Thanks FitchHollister
I test drove one a few weekends ago but still am hesitant because of the high mileage. Still looking for one under 85K miles.


----------



## Capt.Dreadz (Jun 4, 2003)

*Re: I know these threads have probably been covered... (DGOMDK)*

This thread is a bit old but i had the same decision to make a week ago except it was between a B6 (2006) Passat Wagon & the Allroad. In the end i went with the Allroad. It cost less & the one i got had the engine & turbo's replaced 30k ago. It was a lease for most of it's life.

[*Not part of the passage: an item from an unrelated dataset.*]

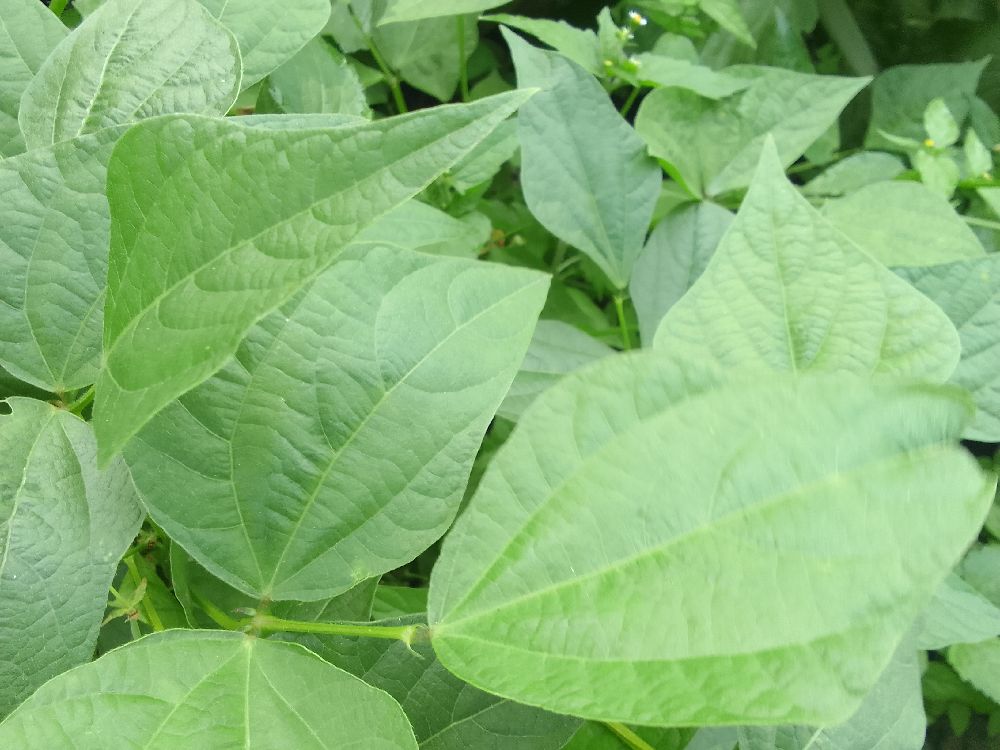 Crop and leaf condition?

common bean, healthy

I got it from an Auction real cheap.


----------



## DGOMDK (Jul 30, 2007)

Capt Dreadz- Thanks for the input! Im still looking for a good deal, but have rounded it down to; A6 or Allroad (Very hard to find Passat wagon 1.8t 4mo) . Although I think the A6 will be my choice. Only because the cost of maintenence would be a little better i.e. no air bags or torque converter to replace!


----------



## Capt.Dreadz (Jun 4, 2003)

*Re: (DGOMDK)*

My friend just got a 2000 A6 not long ago. He's coming from a 07' 5 series beamer and he loves it in terms of power. He just has his tranny swapped out as the fluid ran out and seized it up. I thought he was gonna pay up the ass and he was already looking for a newer A6 and in the end, it cost him $2k for everything. This is good to know as my tranny wasn't replaced when they did everything else.
I've had my AR for almost a month now and i love it to death! I don't wanna even drive my 89' VR Coupe. Only thing i don't like is Audi charging you for everything. It cost me $70 to have them take my radio off safe mode. VW does it for free. I told the lady this and she looked at me like i was stupid. Good thing i can do my own work.


----------



## DGOMDK (Jul 30, 2007)

*Re: (Capt.Dreadz)*

Hey Capt Dread - I logged on to read a few things... Anyway I noticed your from the V.I. I was born on St. Thomas & grew up on St. John, Cruz Bay. Been In Colorado for the past 17yrs. Planning on going home this winter (havent been home in 7yrs). Boy, is it a small world!








Also I'm picking up an Alpaca 04' AR tip sometime on Saturday. With 82,000mi, t-belt done, turbos good, & shouldnt have any problems with the TC. Since they were revise late 04'. http://****************.com/smile/emthup.gif


----------